# Assignment
So long as no pictures are carried over, output the records below exactly.

# Source material
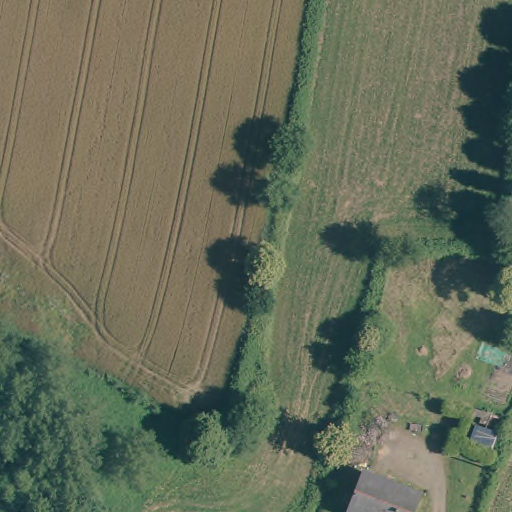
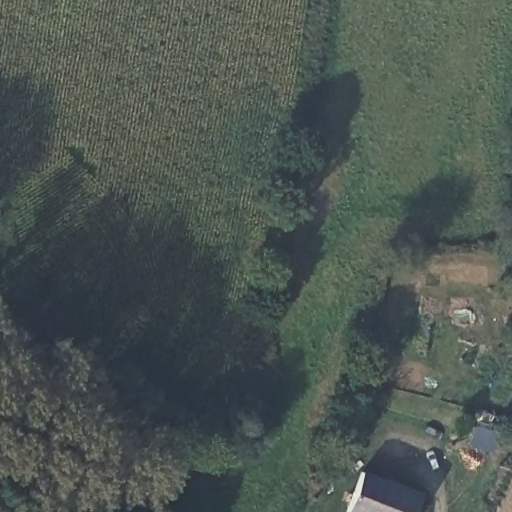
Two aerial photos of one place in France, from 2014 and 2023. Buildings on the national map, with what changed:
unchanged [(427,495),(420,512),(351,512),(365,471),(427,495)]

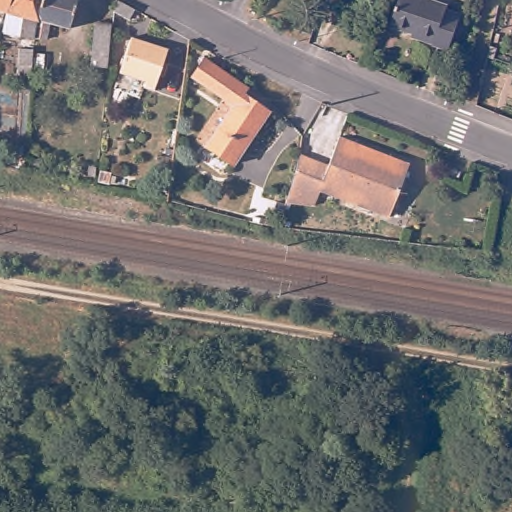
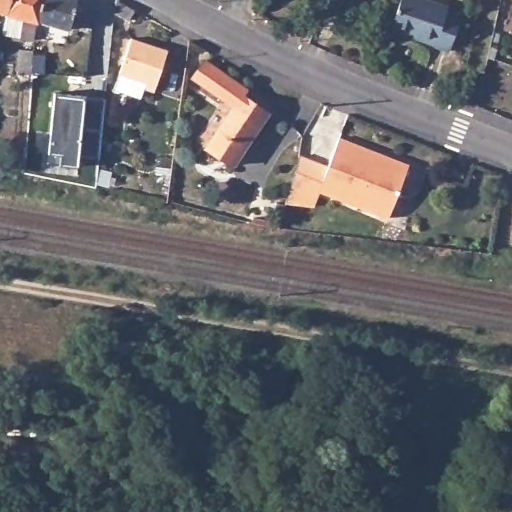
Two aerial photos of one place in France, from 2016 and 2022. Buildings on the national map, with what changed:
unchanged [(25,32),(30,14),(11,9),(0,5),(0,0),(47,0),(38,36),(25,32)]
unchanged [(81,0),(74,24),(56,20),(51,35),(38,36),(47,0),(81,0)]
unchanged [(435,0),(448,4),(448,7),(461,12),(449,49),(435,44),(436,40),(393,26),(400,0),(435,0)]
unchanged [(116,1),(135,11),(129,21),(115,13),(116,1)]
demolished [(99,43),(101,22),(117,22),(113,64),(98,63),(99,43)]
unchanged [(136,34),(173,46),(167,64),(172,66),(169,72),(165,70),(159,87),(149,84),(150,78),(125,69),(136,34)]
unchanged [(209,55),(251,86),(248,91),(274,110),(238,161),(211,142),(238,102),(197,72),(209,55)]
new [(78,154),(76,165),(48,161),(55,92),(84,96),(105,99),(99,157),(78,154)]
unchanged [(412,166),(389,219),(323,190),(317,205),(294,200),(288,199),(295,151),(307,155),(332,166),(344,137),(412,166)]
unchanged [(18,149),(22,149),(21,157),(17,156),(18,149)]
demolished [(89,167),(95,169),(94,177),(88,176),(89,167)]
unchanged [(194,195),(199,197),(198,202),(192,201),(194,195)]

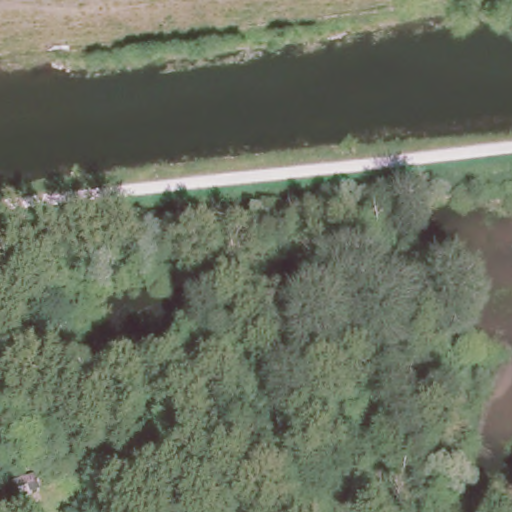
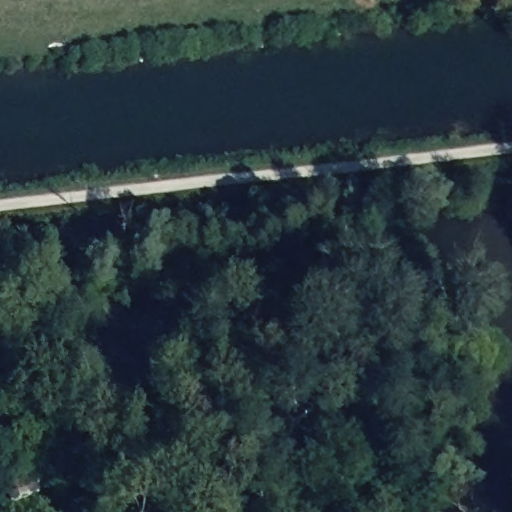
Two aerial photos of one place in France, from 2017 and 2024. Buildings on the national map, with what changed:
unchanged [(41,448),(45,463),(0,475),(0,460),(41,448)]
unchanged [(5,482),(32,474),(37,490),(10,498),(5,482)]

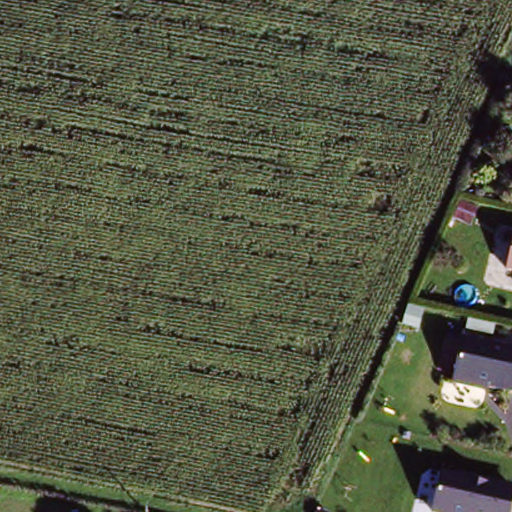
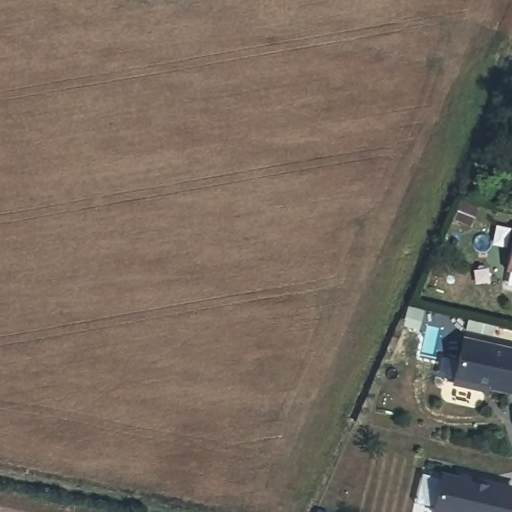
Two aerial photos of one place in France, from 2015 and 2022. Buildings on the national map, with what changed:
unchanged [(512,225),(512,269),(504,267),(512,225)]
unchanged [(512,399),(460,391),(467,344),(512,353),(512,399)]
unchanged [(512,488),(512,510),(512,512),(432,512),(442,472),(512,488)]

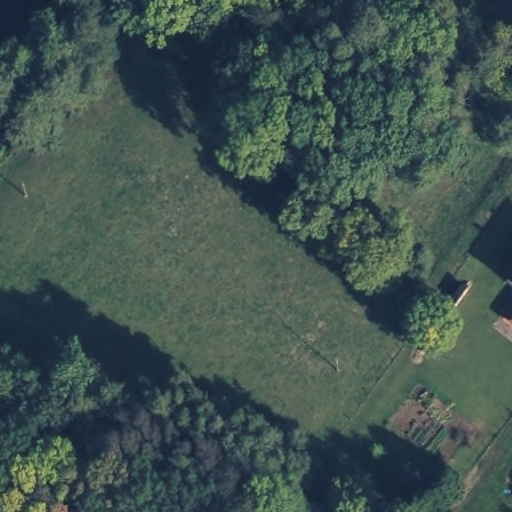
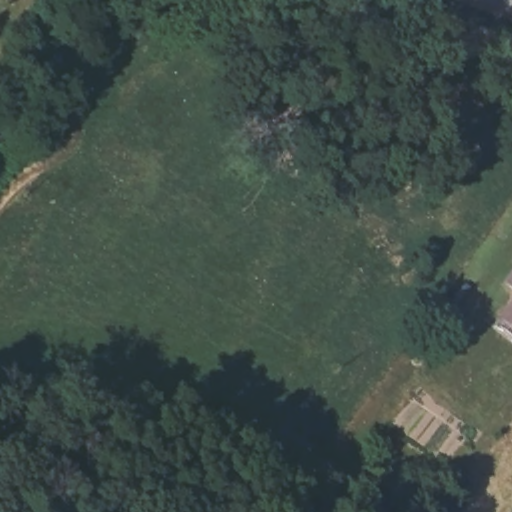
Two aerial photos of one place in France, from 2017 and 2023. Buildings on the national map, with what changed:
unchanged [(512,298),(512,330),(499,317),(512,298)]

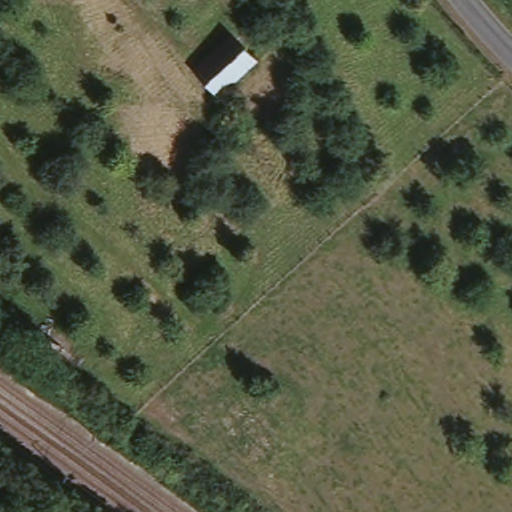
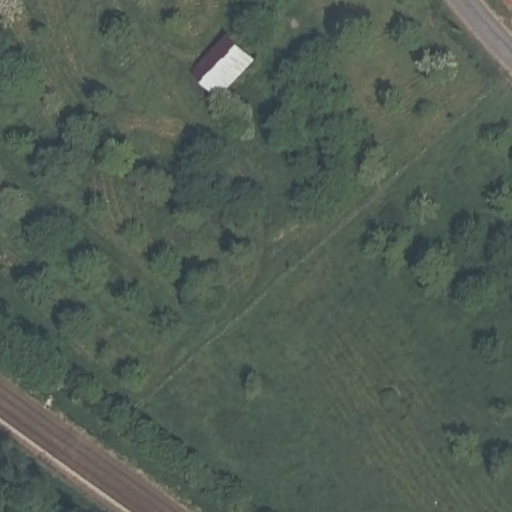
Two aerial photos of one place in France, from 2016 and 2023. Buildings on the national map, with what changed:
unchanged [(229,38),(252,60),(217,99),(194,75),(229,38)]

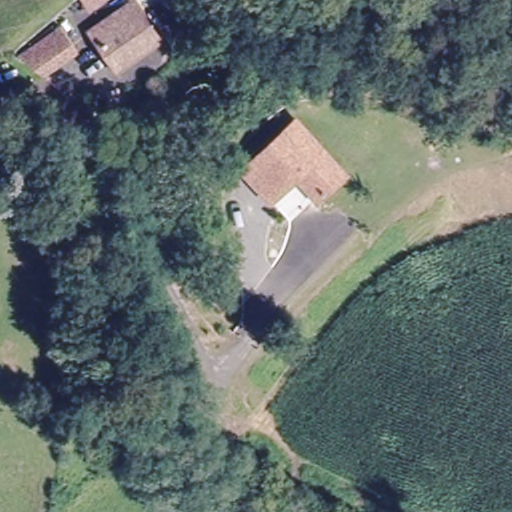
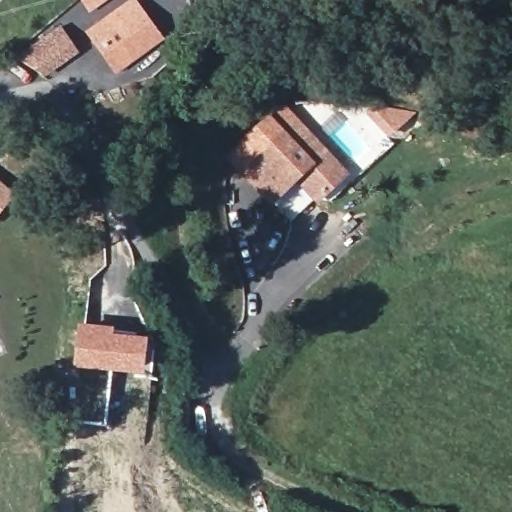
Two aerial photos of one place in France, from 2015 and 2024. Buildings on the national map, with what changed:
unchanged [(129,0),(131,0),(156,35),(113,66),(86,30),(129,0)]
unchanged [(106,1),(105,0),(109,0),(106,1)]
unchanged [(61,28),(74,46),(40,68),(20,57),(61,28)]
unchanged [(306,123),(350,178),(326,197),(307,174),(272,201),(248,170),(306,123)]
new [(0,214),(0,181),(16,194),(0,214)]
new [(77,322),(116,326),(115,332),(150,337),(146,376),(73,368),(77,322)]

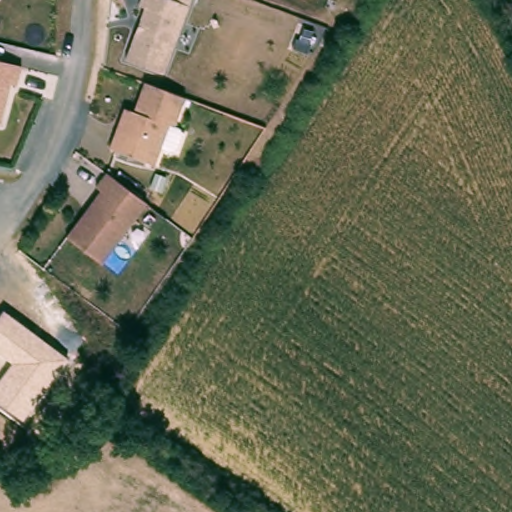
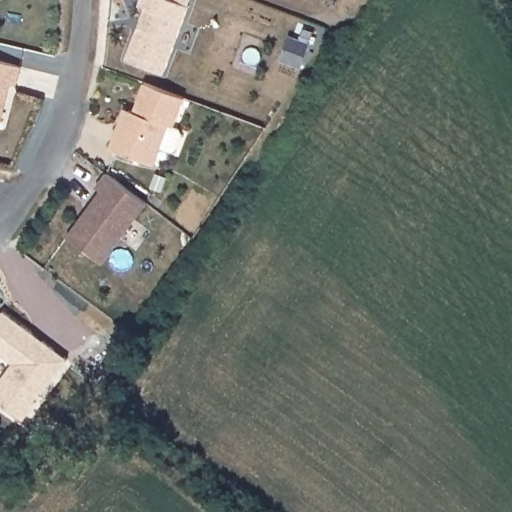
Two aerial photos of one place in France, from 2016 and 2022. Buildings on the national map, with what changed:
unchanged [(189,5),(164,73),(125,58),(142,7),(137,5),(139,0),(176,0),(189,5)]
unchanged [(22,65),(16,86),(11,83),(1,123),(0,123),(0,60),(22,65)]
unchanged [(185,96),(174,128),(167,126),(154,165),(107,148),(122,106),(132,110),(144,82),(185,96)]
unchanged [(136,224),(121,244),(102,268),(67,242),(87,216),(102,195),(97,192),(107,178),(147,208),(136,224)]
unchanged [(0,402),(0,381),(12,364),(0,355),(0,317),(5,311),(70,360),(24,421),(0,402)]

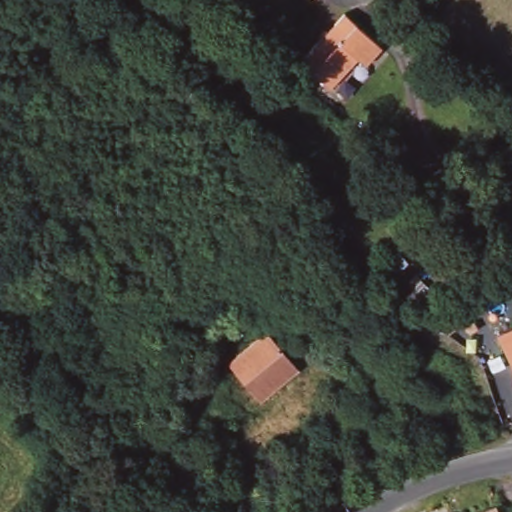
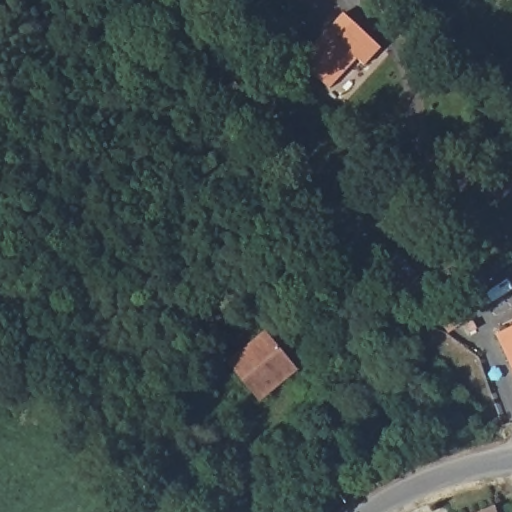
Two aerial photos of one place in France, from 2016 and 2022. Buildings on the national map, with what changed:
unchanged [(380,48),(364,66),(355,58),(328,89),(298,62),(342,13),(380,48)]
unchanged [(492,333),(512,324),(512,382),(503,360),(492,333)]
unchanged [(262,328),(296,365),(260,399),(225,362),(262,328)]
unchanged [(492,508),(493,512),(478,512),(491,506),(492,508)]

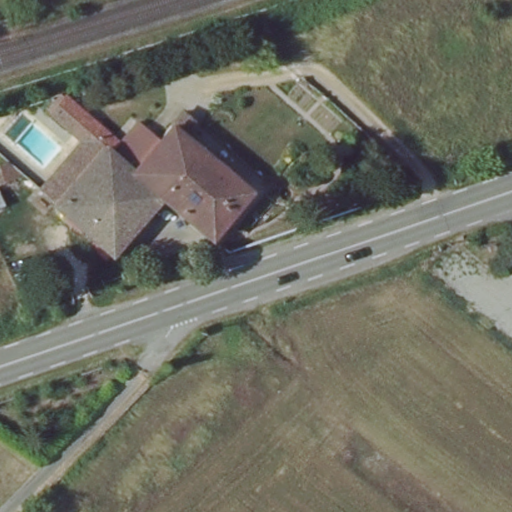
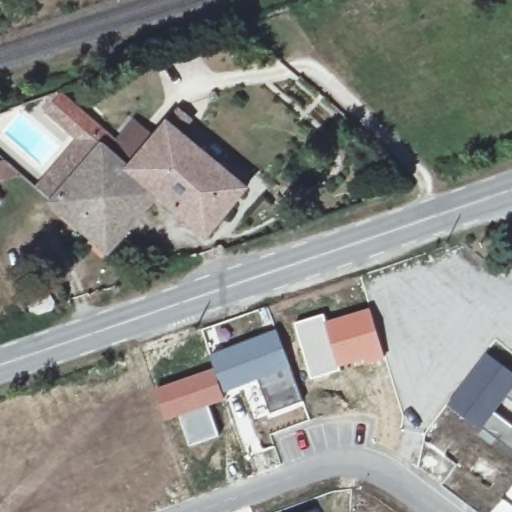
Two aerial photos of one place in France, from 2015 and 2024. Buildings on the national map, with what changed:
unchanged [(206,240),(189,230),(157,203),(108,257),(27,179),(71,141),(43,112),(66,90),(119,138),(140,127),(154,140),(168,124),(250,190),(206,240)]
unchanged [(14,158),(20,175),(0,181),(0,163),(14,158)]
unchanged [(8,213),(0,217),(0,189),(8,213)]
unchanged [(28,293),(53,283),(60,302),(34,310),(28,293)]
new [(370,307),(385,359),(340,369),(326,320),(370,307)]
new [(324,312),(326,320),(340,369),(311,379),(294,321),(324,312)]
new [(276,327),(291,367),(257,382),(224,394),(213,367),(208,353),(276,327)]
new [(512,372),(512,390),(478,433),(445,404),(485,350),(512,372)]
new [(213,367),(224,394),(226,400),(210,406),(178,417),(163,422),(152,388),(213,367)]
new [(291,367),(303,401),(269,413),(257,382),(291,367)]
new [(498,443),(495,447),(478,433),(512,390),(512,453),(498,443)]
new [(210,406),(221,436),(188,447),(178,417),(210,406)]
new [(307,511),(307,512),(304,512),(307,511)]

# Task answer
Two aerial photos of one place in France, from 2014 and 2023. Buildings on the national map, with what changed:
unchanged [(427,495),(420,512),(351,512),(365,471),(427,495)]

Two aerial photos of one place in France, from 2016 and 2022. Buildings on the national map, with what changed:
unchanged [(25,32),(30,14),(11,9),(0,5),(0,0),(47,0),(38,36),(25,32)]
unchanged [(81,0),(74,24),(56,20),(51,35),(38,36),(47,0),(81,0)]
unchanged [(435,0),(448,4),(448,7),(461,12),(449,49),(435,44),(436,40),(393,26),(400,0),(435,0)]
unchanged [(116,1),(135,11),(129,21),(115,13),(116,1)]
demolished [(99,43),(101,22),(117,22),(113,64),(98,63),(99,43)]
unchanged [(136,34),(173,46),(167,64),(172,66),(169,72),(165,70),(159,87),(149,84),(150,78),(125,69),(136,34)]
unchanged [(209,55),(251,86),(248,91),(274,110),(238,161),(211,142),(238,102),(197,72),(209,55)]
new [(78,154),(76,165),(48,161),(55,92),(84,96),(105,99),(99,157),(78,154)]
unchanged [(412,166),(389,219),(323,190),(317,205),(294,200),(288,199),(295,151),(307,155),(332,166),(344,137),(412,166)]
unchanged [(18,149),(22,149),(21,157),(17,156),(18,149)]
demolished [(89,167),(95,169),(94,177),(88,176),(89,167)]
unchanged [(194,195),(199,197),(198,202),(192,201),(194,195)]

Two aerial photos of one place in France, from 2017 and 2024. Buildings on the national map, with what changed:
unchanged [(41,448),(45,463),(0,475),(0,460),(41,448)]
unchanged [(5,482),(32,474),(37,490),(10,498),(5,482)]

Two aerial photos of one place in France, from 2015 and 2022. Buildings on the national map, with what changed:
unchanged [(512,225),(512,269),(504,267),(512,225)]
unchanged [(512,399),(460,391),(467,344),(512,353),(512,399)]
unchanged [(512,488),(512,510),(512,512),(432,512),(442,472),(512,488)]

Two aerial photos of one place in France, from 2017 and 2023. Buildings on the national map, with what changed:
unchanged [(512,298),(512,330),(499,317),(512,298)]

Two aerial photos of one place in France, from 2016 and 2023. Buildings on the national map, with what changed:
unchanged [(229,38),(252,60),(217,99),(194,75),(229,38)]

Two aerial photos of one place in France, from 2015 and 2024. Buildings on the national map, with what changed:
unchanged [(129,0),(131,0),(156,35),(113,66),(86,30),(129,0)]
unchanged [(106,1),(105,0),(109,0),(106,1)]
unchanged [(61,28),(74,46),(40,68),(20,57),(61,28)]
unchanged [(306,123),(350,178),(326,197),(307,174),(272,201),(248,170),(306,123)]
new [(0,214),(0,181),(16,194),(0,214)]
new [(77,322),(116,326),(115,332),(150,337),(146,376),(73,368),(77,322)]

Two aerial photos of one place in France, from 2016 and 2022. Buildings on the national map, with what changed:
unchanged [(189,5),(164,73),(125,58),(142,7),(137,5),(139,0),(176,0),(189,5)]
unchanged [(22,65),(16,86),(11,83),(1,123),(0,123),(0,60),(22,65)]
unchanged [(185,96),(174,128),(167,126),(154,165),(107,148),(122,106),(132,110),(144,82),(185,96)]
unchanged [(136,224),(121,244),(102,268),(67,242),(87,216),(102,195),(97,192),(107,178),(147,208),(136,224)]
unchanged [(0,402),(0,381),(12,364),(0,355),(0,317),(5,311),(70,360),(24,421),(0,402)]

Two aerial photos of one place in France, from 2016 and 2022. Buildings on the national map, with what changed:
unchanged [(380,48),(364,66),(355,58),(328,89),(298,62),(342,13),(380,48)]
unchanged [(492,333),(512,324),(512,382),(503,360),(492,333)]
unchanged [(262,328),(296,365),(260,399),(225,362),(262,328)]
unchanged [(492,508),(493,512),(478,512),(491,506),(492,508)]

Two aerial photos of one place in France, from 2015 and 2024. Buildings on the national map, with what changed:
unchanged [(206,240),(189,230),(157,203),(108,257),(27,179),(71,141),(43,112),(66,90),(119,138),(140,127),(154,140),(168,124),(250,190),(206,240)]
unchanged [(14,158),(20,175),(0,181),(0,163),(14,158)]
unchanged [(8,213),(0,217),(0,189),(8,213)]
unchanged [(28,293),(53,283),(60,302),(34,310),(28,293)]
new [(370,307),(385,359),(340,369),(326,320),(370,307)]
new [(324,312),(326,320),(340,369),(311,379),(294,321),(324,312)]
new [(276,327),(291,367),(257,382),(224,394),(213,367),(208,353),(276,327)]
new [(512,372),(512,390),(478,433),(445,404),(485,350),(512,372)]
new [(213,367),(224,394),(226,400),(210,406),(178,417),(163,422),(152,388),(213,367)]
new [(291,367),(303,401),(269,413),(257,382),(291,367)]
new [(498,443),(495,447),(478,433),(512,390),(512,453),(498,443)]
new [(210,406),(221,436),(188,447),(178,417),(210,406)]
new [(307,511),(307,512),(304,512),(307,511)]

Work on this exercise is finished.